Halt every AgentCore session
# 1. Disable new invocations at the gateway:
aws bedrock-agentcore update-gateway \
--gateway-id $(aws ssm get-parameter \
--name /alphaswarm/prod/agentcore_gateway_arn \
--query 'Parameter.Value' --output text | awk -F/ '{print $NF}') \
--status DISABLED
# 2. Stop the AgentCore proxy ECS Fargate service (the ALB stops
# forwarding to the proxy immediately):
aws ecs update-service \
--cluster $(aws ssm get-parameter \
--name /alphaswarm/prod/ecs_cluster_name \
--query 'Parameter.Value' --output text) \
--service alphaswarm-agentcore-proxy-prod \
--desired-count 0
The matching audit row lands in workload_runs via
WorkloadRuntime.start_run BEFORE the boto3 call returns (rule 45).
You can verify with:
aws rds-data execute-statement \
--resource-arn $RDS_ARN --secret-arn $DB_SECRET_ARN \
--database alphaswarm \
--sql "SELECT id, action, status, user_id, started_at \
FROM workload_runs ORDER BY started_at DESC LIMIT 10"
Roll back to the previous tag
# 1. Identify the previous good SHA:
git log --oneline --decorate -20
# 2. Tag the previous SHA + push to trigger the apply path:
git tag v1.0.1-rollback <previous-sha>
git push origin v1.0.1-rollback
# 3. Manual dispatch — terraform-pipeline.yml with
# tree=alphaswarm_platform, env=prod, action=apply (requires 2 reviewers).
#
# The DB / S3 buckets / KB source bucket are NOT touched — every data
# resource carries lifecycle.prevent_destroy=true and retains the
# previous Terraform-managed state.
ECS Fargate service down
# 1. Inspect recent task stops (most common = ECR pull failure or
# secrets resolution failure):
aws ecs describe-services \
--cluster alphaswarm-cluster-prod \
--services alphaswarm-admin-prod \
--query 'services[0].events[:10]'
# 2. Tail the application log group (the ADOT sidecar logs to a
# sibling stream prefixed adot/):
aws logs tail /aws/ecs/alphaswarm-admin-prod --follow
# 3. Force a fresh rollout (also rolls the ADOT sidecar):
aws ecs update-service \
--cluster alphaswarm-cluster-prod \
--service alphaswarm-admin-prod \
--force-new-deployment
The matching AwsProvider.restart call from WorkloadRuntime writes
a workload_runs row with action=restart BEFORE the boto3 call
runs, so the audit trail is intact even when the rollout fails halfway.

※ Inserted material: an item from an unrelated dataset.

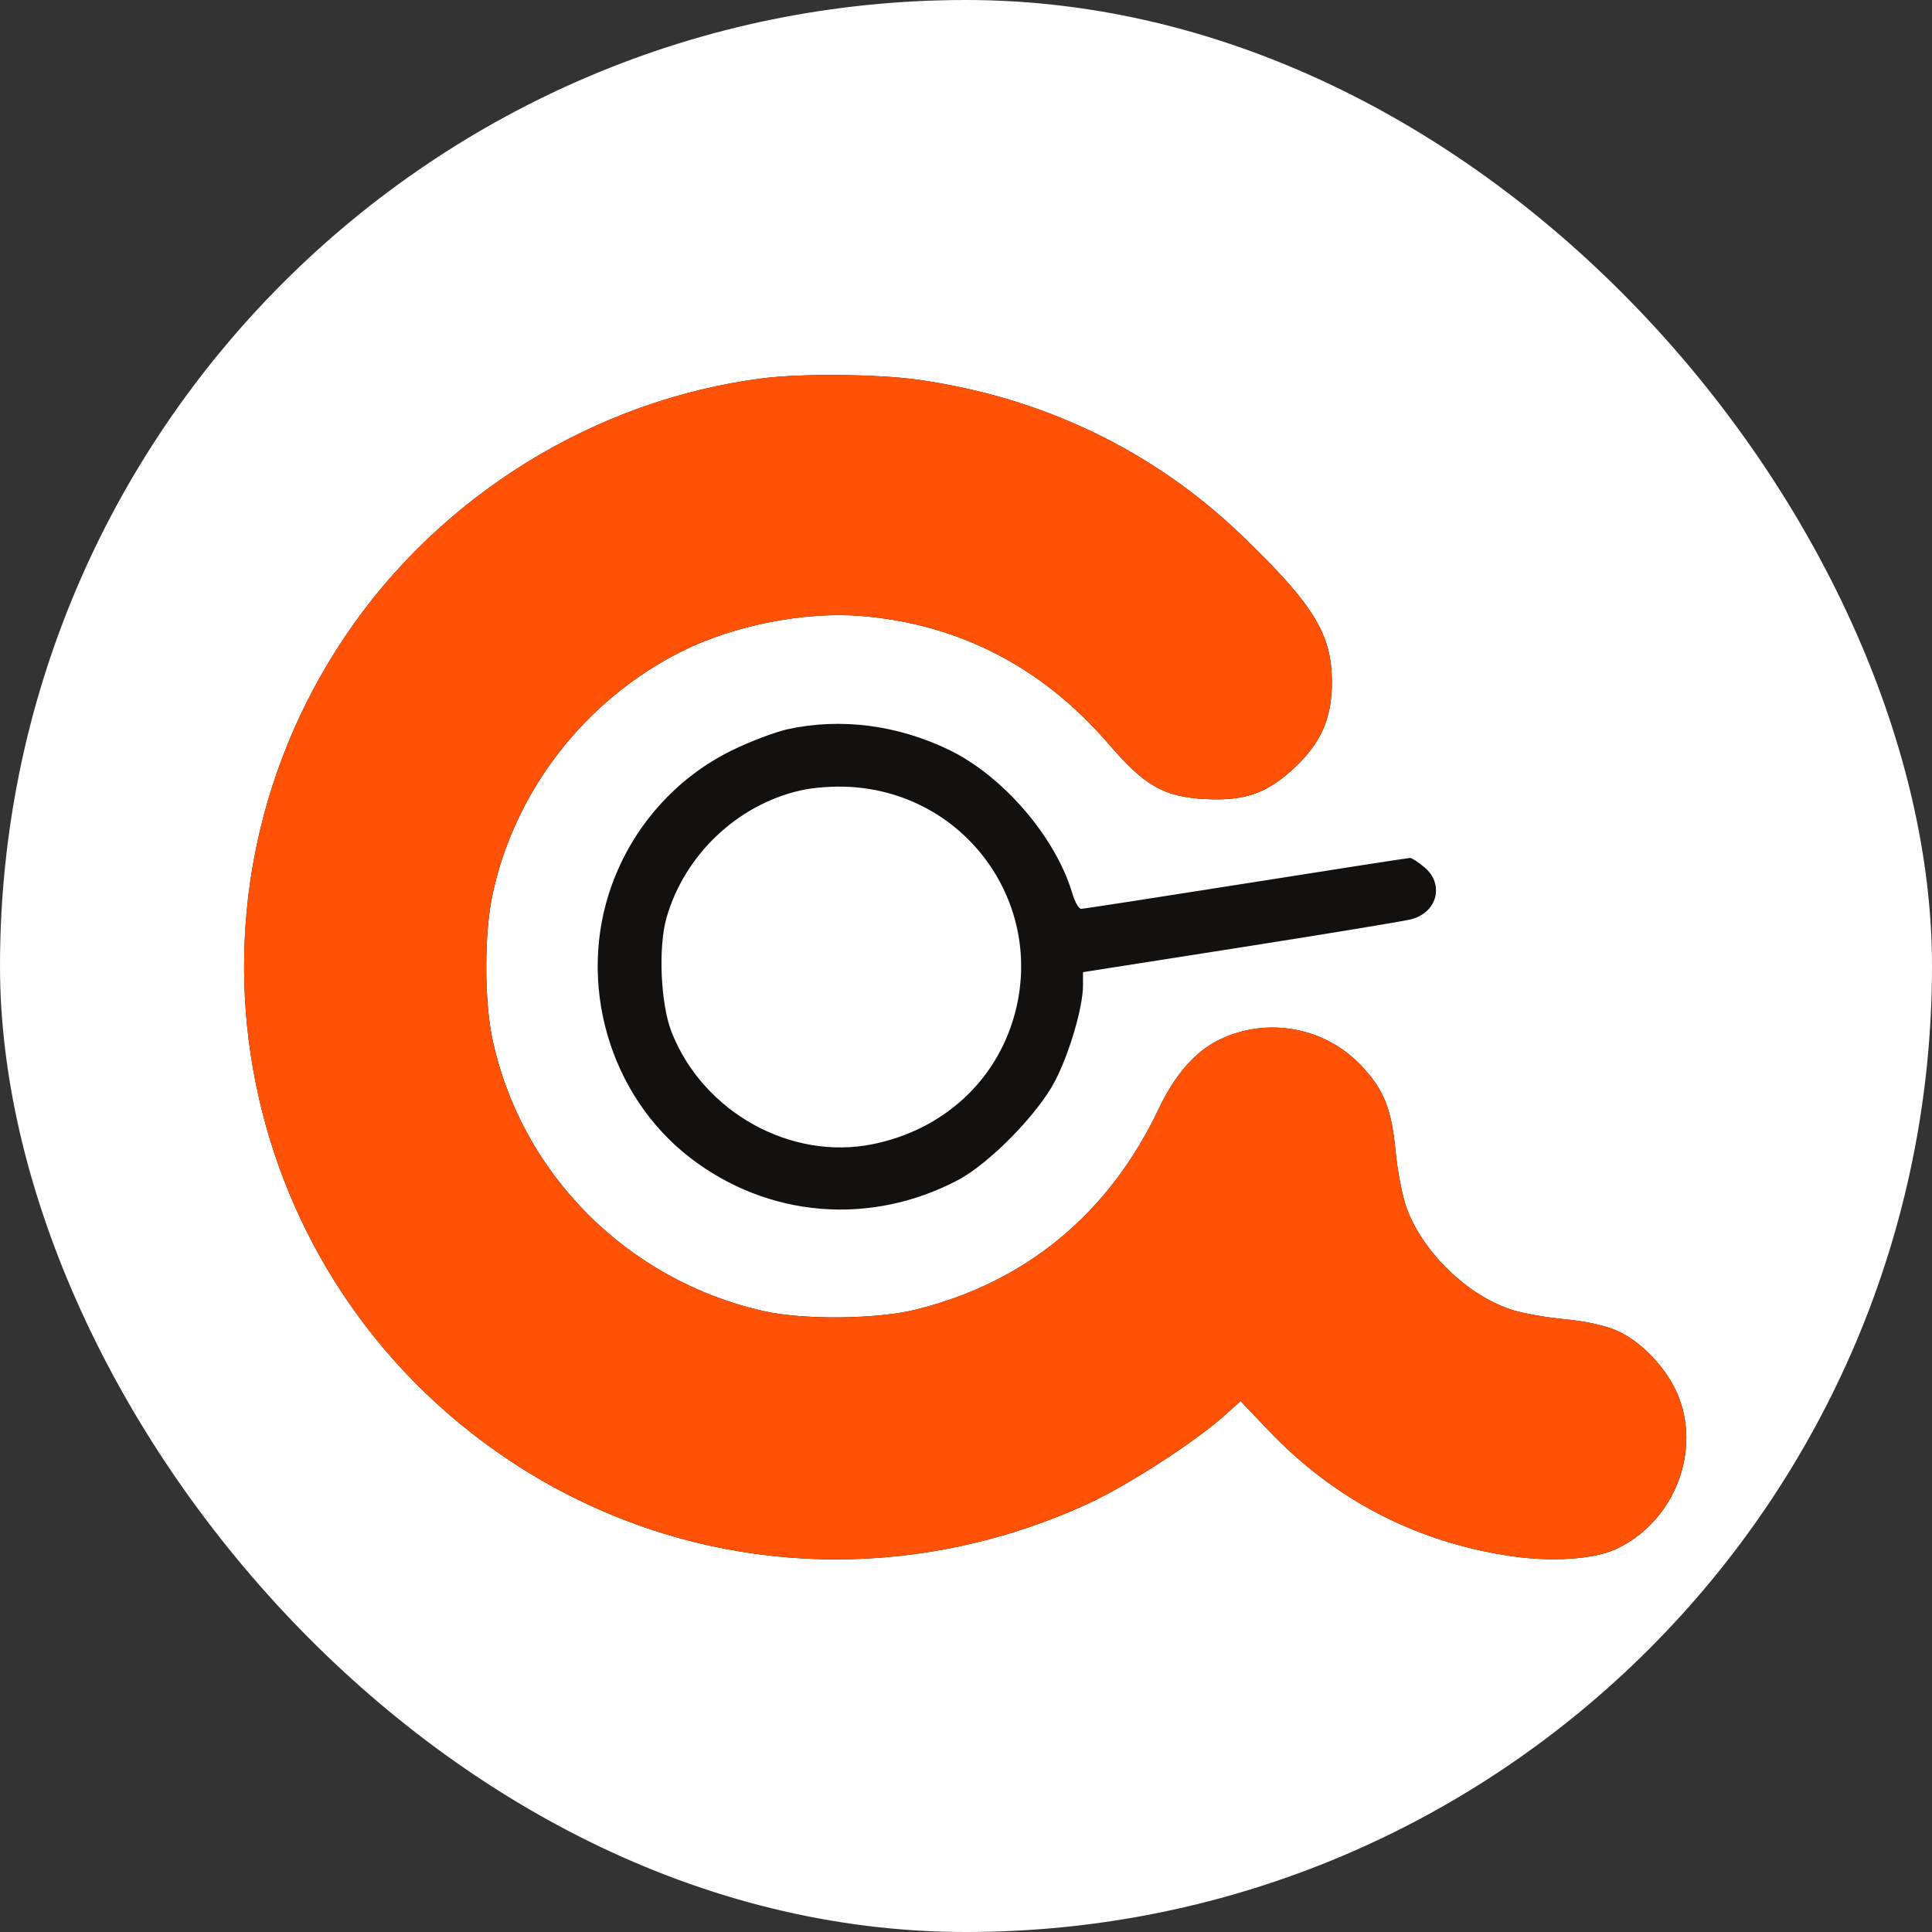 <?xml version="1.0" encoding="UTF-8"?> <svg xmlns="http://www.w3.org/2000/svg" xmlns:xlink="http://www.w3.org/1999/xlink" version="1.1" width="1000" height="1000"><rect width="100%" height="100%" fill="#333333" stroke="none"/><g clip-path="url(#SvgjsClipPath1126)"><rect width="1000" height="1000" fill="#ffffff"></rect><g transform="matrix(1.882,0,0,1.882,100,100)"><svg xmlns="http://www.w3.org/2000/svg" xmlns:xlink="http://www.w3.org/1999/xlink" version="1.1" width="425" height="425"><svg xmlns="http://www.w3.org/2000/svg" width="425" height="425" viewBox="0 0 425 425" fill="none"><path fill-rule="evenodd" clip-rule="evenodd" d="M156.718 50.895C110.422 56.765 67.597 83.289 41.555 122.222C-8.591 197.191 11.596 298.21 86.746 348.368C134.286 380.099 194.197 384.51 246.685 360.146C257.064 355.327 275.409 343.472 283.141 336.586L288.064 332.201L295.641 340.17C313.897 359.371 336.409 371.03 362.629 374.864C373.476 376.45 384.94 375.725 390.894 373.076C406.626 366.075 414.653 347.222 408.661 331.342C405.77 323.682 398.475 315.824 391.42 312.771C388.257 311.402 382.689 310.191 377.218 309.68C372.268 309.219 365.842 308.095 362.938 307.183C350.679 303.332 338.383 291.555 333.781 279.256C332.606 276.116 331.219 269.078 330.699 263.615C329.59 251.977 327.555 246.766 321.597 240.302C311.545 229.397 295.558 226.359 282.213 232.82C275.626 236.008 270.008 242.406 265.568 251.772C251.88 280.648 229.025 299.545 198.718 307.047C187.955 309.711 167.883 309.915 156.975 307.471C119.354 299.041 89.967 269.493 82.229 232.317C80.051 221.852 80.051 203.782 82.229 193.317C88.212 164.573 107.637 139.448 134.218 126.071C148.452 118.908 168.039 115.018 183.582 116.268C210.52 118.433 233.626 130.369 251.792 151.505C261.705 163.038 266.969 166.031 278.395 166.631C288.984 167.187 295.126 165.105 302.357 158.507C310.106 151.438 313.219 144.475 313.171 134.317C313.11 121.202 308.159 113.164 288.452 94.183C264.218 70.841 233.808 56.193 199.439 51.307C188.496 49.751 167.347 49.547 156.718 50.895ZM163.718 147.368C160.143 148.134 153.045 150.823 147.945 153.343C132.787 160.835 121.006 174.074 115.157 190.188C105.416 217.025 114.34 248.097 136.738 265.333C158.067 281.745 186.145 284.093 210.218 271.477C218.93 266.912 232.346 253.234 237.055 244.117C241.037 236.41 244.718 223.797 244.718 217.865V214.233L287.968 207.444C311.756 203.709 332.889 200.228 334.931 199.707C342.147 197.866 344.172 190.06 338.641 185.406C336.949 183.982 335.165 182.817 334.676 182.817C334.187 182.817 313.892 185.967 289.576 189.817C265.26 193.667 244.841 196.817 244.2 196.817C243.559 196.817 242.469 194.904 241.779 192.567C237.2 177.07 222.64 160.165 207.718 153.019C193.564 146.242 178.195 144.268 163.718 147.368ZM166.981 164.266C149.639 168.215 135.167 181.958 130.196 199.197C127.83 207.401 128.545 223.149 131.634 230.887C140.383 252.803 164.419 266.125 186.929 261.534C206.191 257.606 220.806 244.287 225.863 226.051C234.351 195.439 212.583 165.176 180.718 163.289C176.199 163.022 170.739 163.41 166.981 164.266Z" fill="#12110F"></path><path fill-rule="evenodd" clip-rule="evenodd" d="M156.718 50.895C110.422 56.765 67.597 83.289 41.555 122.222C-8.591 197.191 11.596 298.21 86.746 348.368C134.286 380.099 194.197 384.51 246.685 360.146C257.064 355.327 275.409 343.472 283.141 336.586L288.064 332.201L295.641 340.17C313.897 359.371 336.409 371.03 362.629 374.864C373.476 376.45 384.94 375.725 390.894 373.076C406.626 366.075 414.653 347.222 408.661 331.342C405.77 323.682 398.475 315.824 391.42 312.771C388.257 311.402 382.689 310.191 377.218 309.68C372.268 309.219 365.842 308.095 362.938 307.183C350.679 303.332 338.383 291.555 333.781 279.256C332.606 276.116 331.219 269.078 330.699 263.615C329.59 251.977 327.555 246.766 321.597 240.302C311.545 229.397 295.558 226.359 282.213 232.82C275.626 236.008 270.008 242.406 265.568 251.772C251.88 280.648 229.025 299.545 198.718 307.047C187.955 309.711 167.883 309.915 156.975 307.471C119.354 299.041 89.967 269.493 82.229 232.317C80.051 221.852 80.051 203.782 82.229 193.317C88.212 164.573 107.637 139.448 134.218 126.071C148.452 118.908 168.039 115.018 183.582 116.268C210.52 118.433 233.626 130.369 251.792 151.505C261.705 163.038 266.969 166.031 278.395 166.631C288.984 167.187 295.126 165.105 302.357 158.507C310.106 151.438 313.219 144.475 313.171 134.317C313.11 121.202 308.159 113.164 288.452 94.183C264.218 70.841 233.808 56.193 199.439 51.307C188.496 49.751 167.347 49.547 156.718 50.895Z" fill="#FF5207"></path></svg></svg></g></g><defs><clipPath id="SvgjsClipPath1126"><rect width="1000" height="1000" x="0" y="0" rx="500" ry="500"></rect></clipPath></defs></svg>

Drain a Celery worker (EKS path)
The Celery workers continue to run on EKS Karpenter; the ECS Fargate surface is admin + AgentCore only. To drain a worker pod without losing in-flight tasks:
# 1. Annotate the pod for graceful shutdown — the Celery preboot
# hook in alphaswarm/tasks/celery_app.py listens for this annotation:
kubectl annotate pod alphaswarm-worker-xxxxx \
-n alphaswarm \
alphaswarm.io/drain-requested-at="$(date -u +%Y-%m-%dT%H:%M:%SZ)"
# 2. Wait for the worker to finish in-flight tasks (max grace =
# ALPHASWARM_AGENT_STALL_THRESHOLD_SECONDS, default 1800s):
kubectl wait --for=delete pod alphaswarm-worker-xxxxx -n alphaswarm --timeout=1900s
# 3. Karpenter replaces the deleted pod automatically; the new pod
# inherits the same Celery queue subscriptions.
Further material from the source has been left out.